2. The idea that Spt isn't particularly involved in naming (whether it's pictures, words, animal sounds, or genders) is incorrect.  To be fair, before I fully came to grips with what Spt is doing computationally, I mostly thought of it as performing an auditory-to-motor coordinate transform.  Pseudoword repetition would seem to be the most direct task to tap into this process.  But I have always believed that Spt plays a role in producing words under any speech production condition. And more recently, I have argued (see here and here) that Spt is part of the speech motor planning process, essentially running not only in the auditory-to-motor direction, but also doing a motor-to-sensory forward prediction to detect motor planning errors, i.e., motor plan-to-auditory target mismatches, prior to speech generation.  This, I argue, occurs for every speech act, including animal sound naming.  So the manipulation that Parker Jones et al. used does not pit auditory-motor integration against no auditory-auditory motor integration.  Instead it pits two auditory-motor integration tasks against one another.  At best, we might be able to learn something about Spt if the two tasks differ in their integration load.
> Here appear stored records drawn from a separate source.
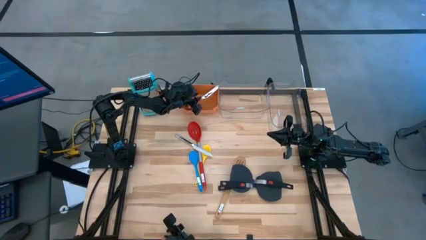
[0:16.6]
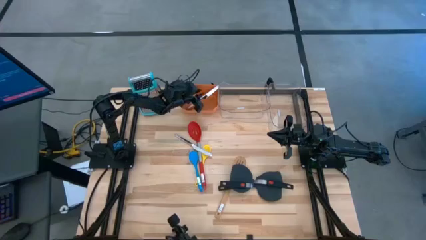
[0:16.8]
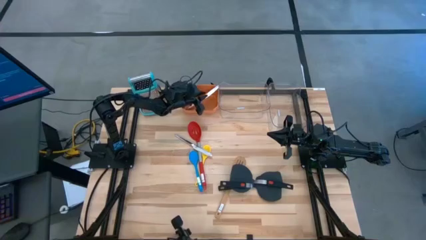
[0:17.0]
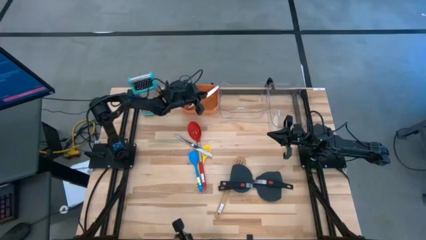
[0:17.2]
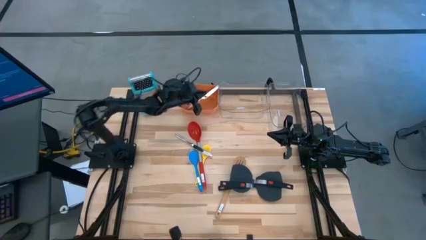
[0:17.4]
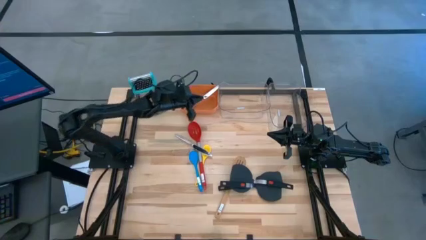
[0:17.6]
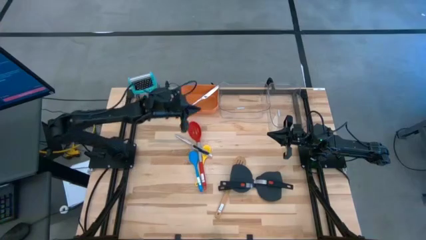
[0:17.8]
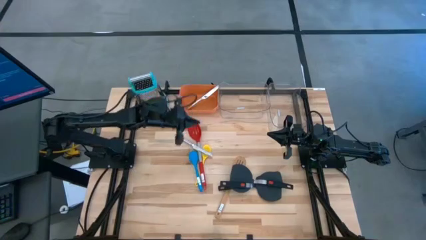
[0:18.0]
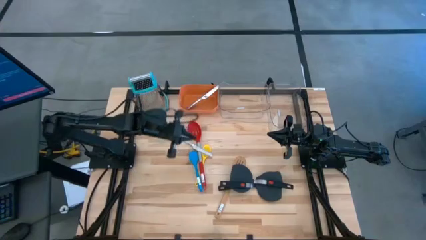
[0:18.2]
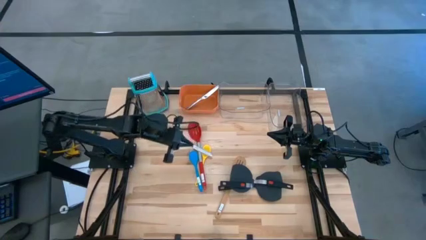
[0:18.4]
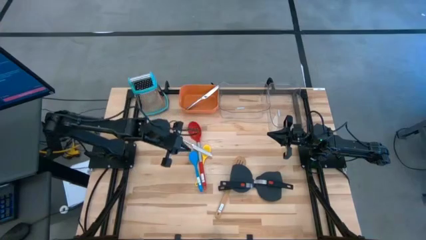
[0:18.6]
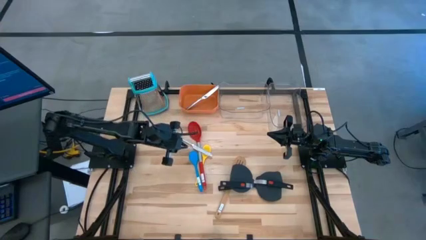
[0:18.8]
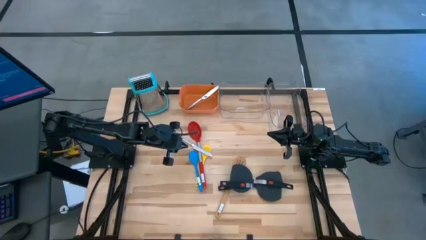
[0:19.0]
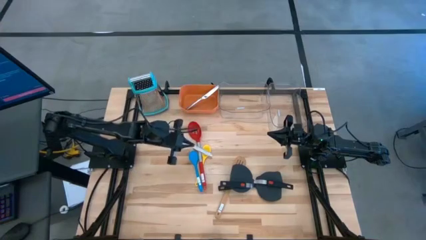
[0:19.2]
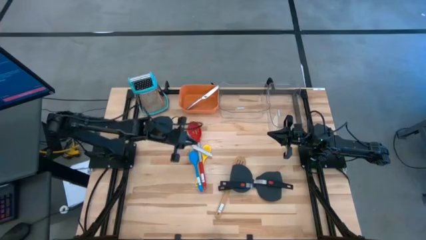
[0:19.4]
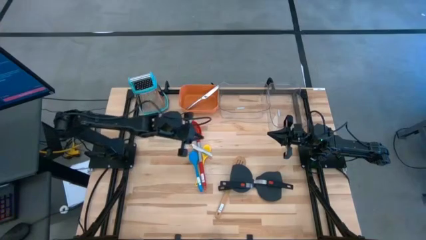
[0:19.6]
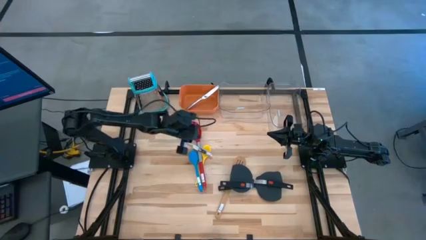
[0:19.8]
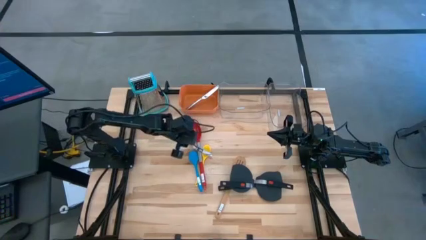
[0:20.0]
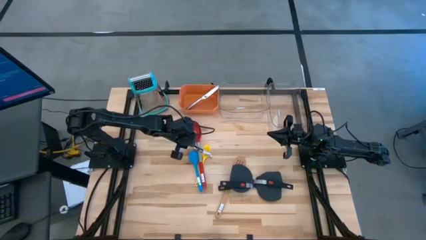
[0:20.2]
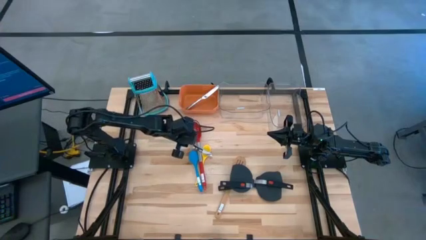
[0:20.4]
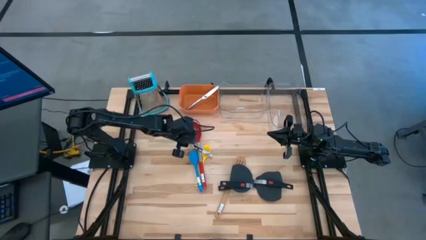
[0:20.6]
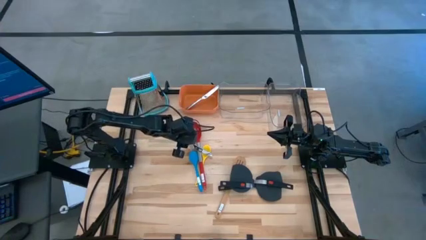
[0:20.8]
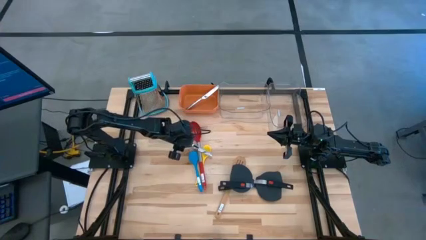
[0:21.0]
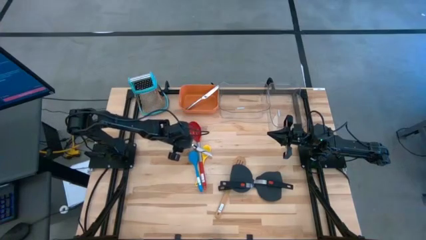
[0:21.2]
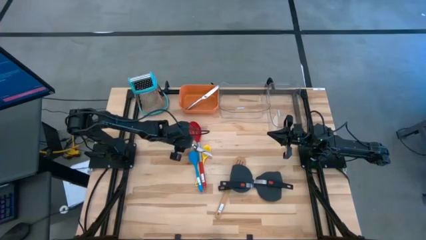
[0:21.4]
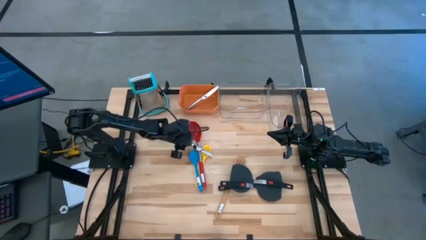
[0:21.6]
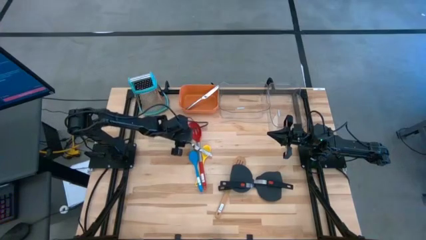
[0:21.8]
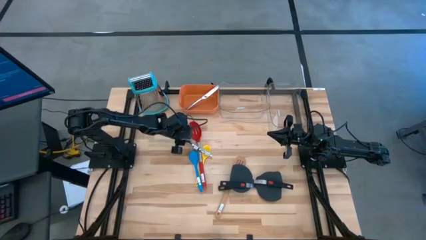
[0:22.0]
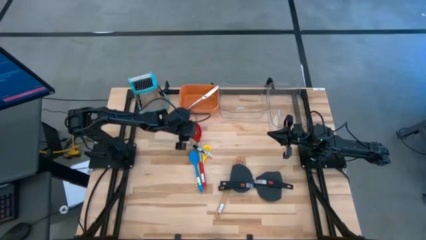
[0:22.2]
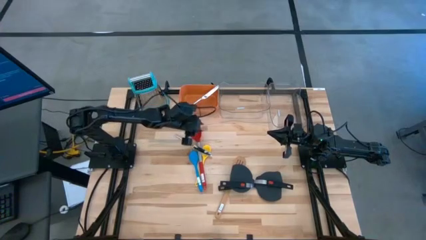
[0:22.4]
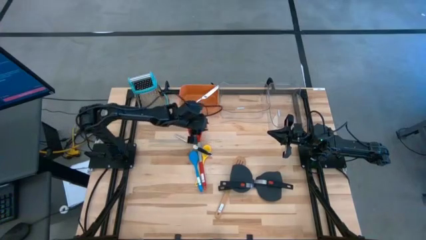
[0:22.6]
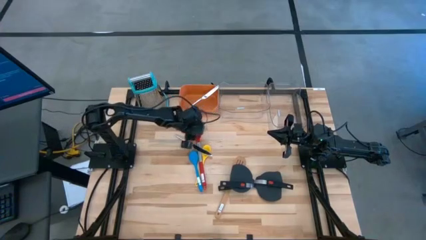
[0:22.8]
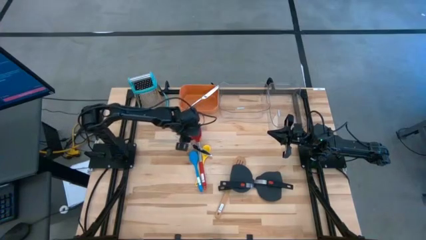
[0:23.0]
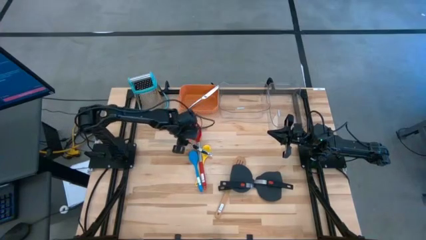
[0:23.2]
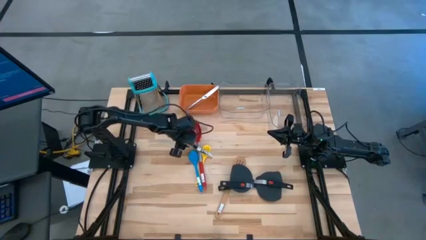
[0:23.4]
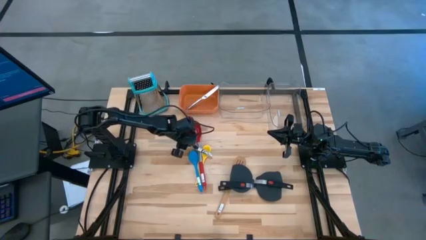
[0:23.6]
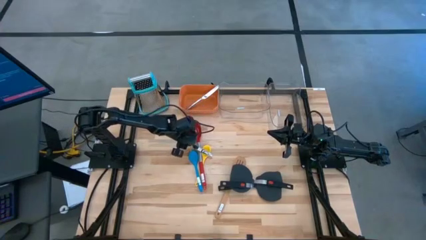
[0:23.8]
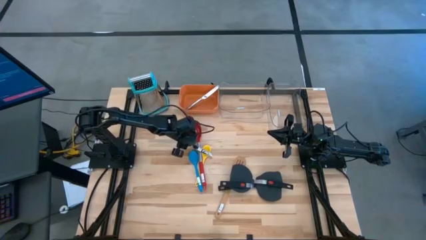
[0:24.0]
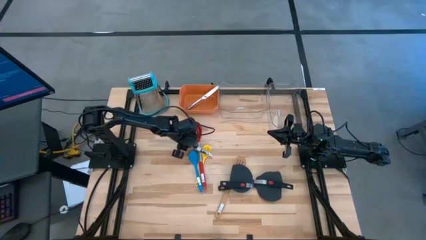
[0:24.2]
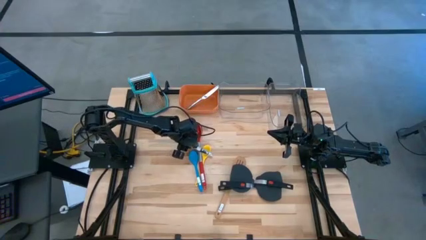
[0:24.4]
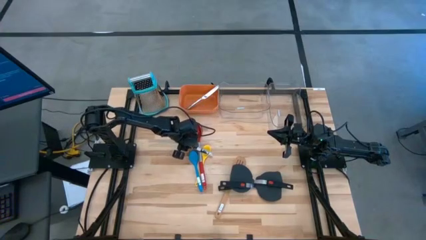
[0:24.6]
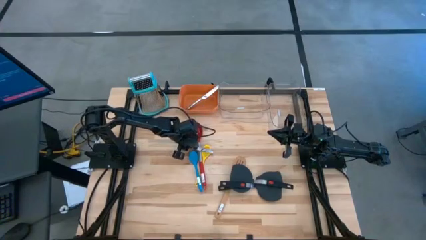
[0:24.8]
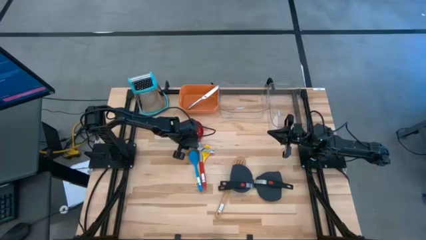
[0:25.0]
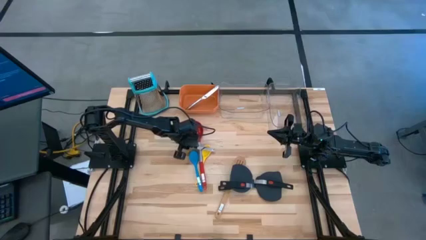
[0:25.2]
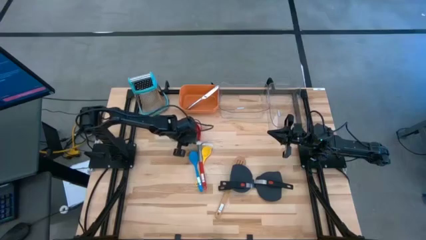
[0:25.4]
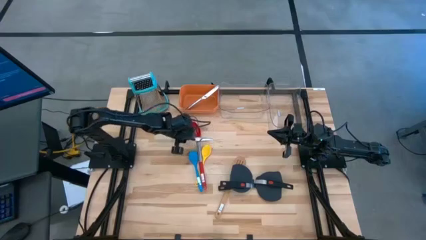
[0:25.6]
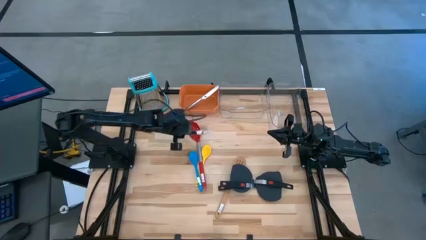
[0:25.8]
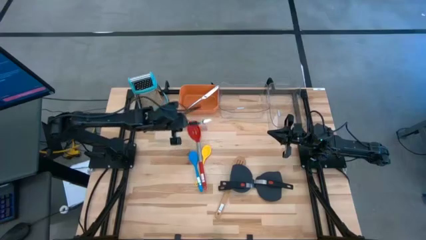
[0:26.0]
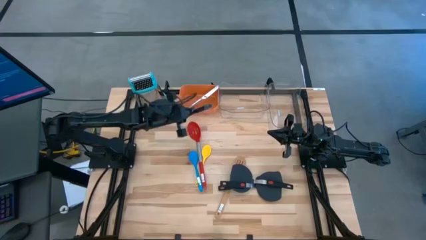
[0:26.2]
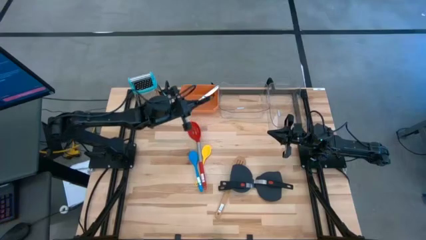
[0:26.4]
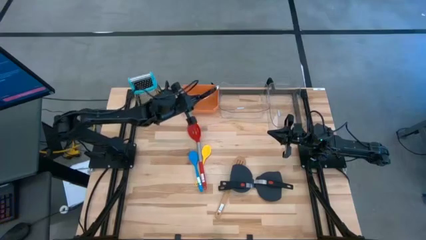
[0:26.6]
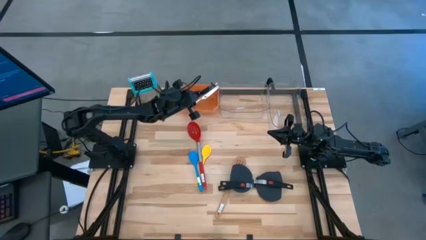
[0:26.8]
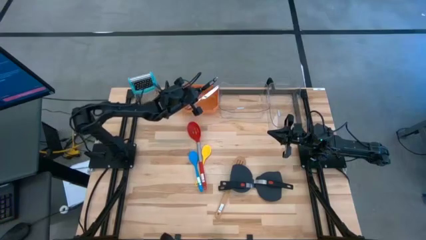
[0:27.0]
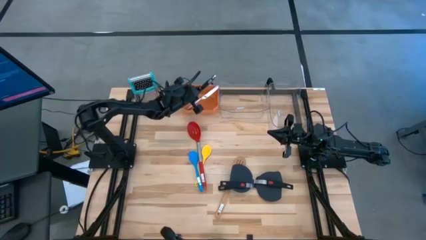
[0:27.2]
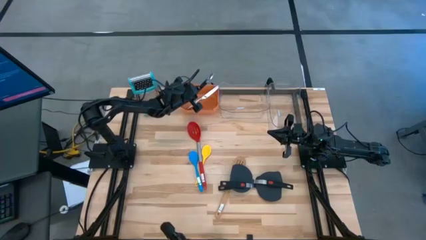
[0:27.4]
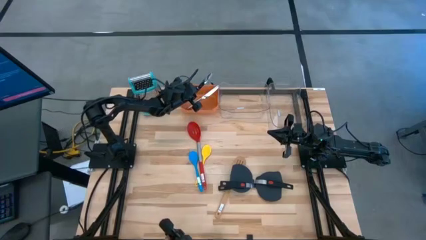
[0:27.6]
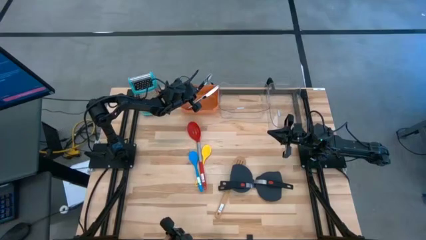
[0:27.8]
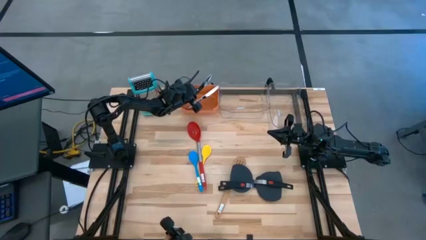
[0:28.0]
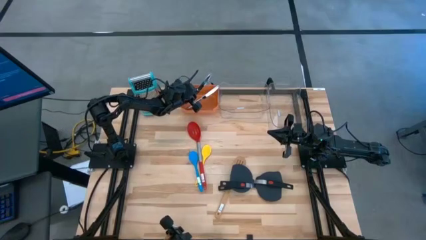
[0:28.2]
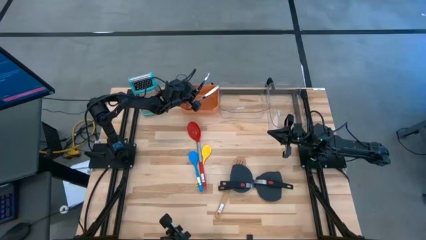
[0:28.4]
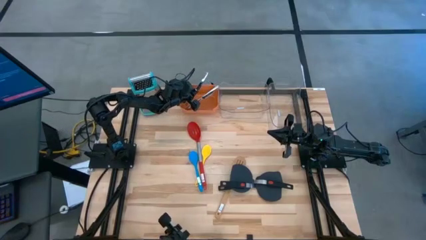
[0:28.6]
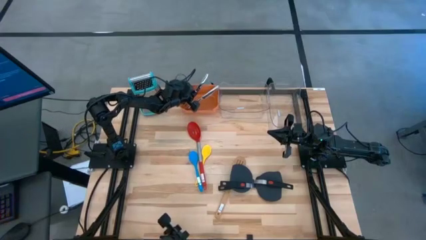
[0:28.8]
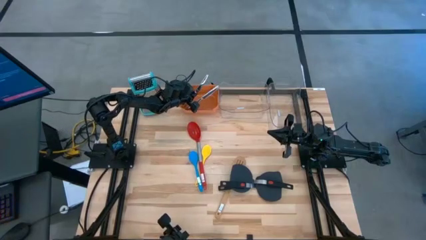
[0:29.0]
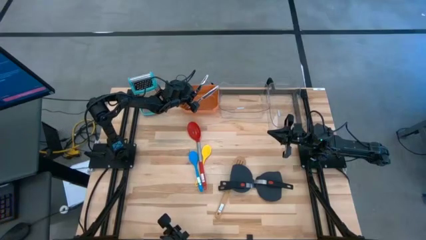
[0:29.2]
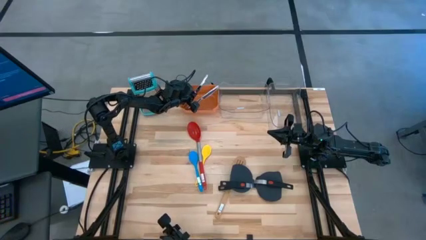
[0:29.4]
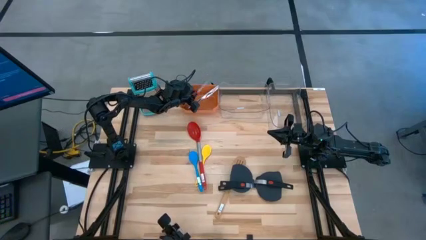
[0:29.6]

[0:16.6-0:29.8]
Task: Pick & Place Kitchen Items
Put the silver knife into the orange bin

With this in mind let's look a little closer at the pseudoword versus animal sound naming results.  I think it is a reasonable assumption that pseudoword repetition places greater loads on the Spt circuit than animal naming.  First, there is no other route, through which the task can be achieved. Second, pseudowords are by definition lower frequency than real words and therefore more likely to induce motor planning errors and more likely to require extra error detection and correction work.  Third, conduction aphasics, which according to my model have Spt damage, in general have more difficulty with non-word repetition.  So why in the Parker Jones study does animal sound naming activate Spt more than pseudoword repetition? It doesn't, in contrast to what they claim, if we factor out the acoustic response (see problem #1). Here are some numbers, generated by eyeball from their graph:

Auditory cortex activity to animal sound naming: 6.9
Auditory cortex activity to pseudo word repetition: 4.0
*p-word repetition to animal sound naming ratio: .58

Spt activity to animal sound naming: 3.7
Spt activity to pseudo word repetition: 2.9
*p-word repetition to animal sound naming ratio: .78

The relative activation in the pseudo word compared to sound naming condition increases by 20% in Spt versus auditory cortex. In relative terms then (i.e., with the baseline auditory activity factored out), Spt activates more to pseudo words than animal sound naming.  This fact is obscured in absolute terms because the acoustically-driven activation dominates the response profile.

What about the lesion data.  I have no reason to question their findings, other than on the basis of the small sample size.  I can report informally that we have also been collecting data on repetition ability in a much larger lesion sample and Spt (and surrounds) is robustly implicated even when white matter involvement is factored out.  We are working on the manuscript now.

In short, Spt's demise as a sensorimotor interface is greatly exaggerated.  Which is not to say that I believe we completely understand what Spt is doing.  In fact I think it is a bit more nuanced and interesting.  I would show you the data if only I could convince an NIH panel to fund the research.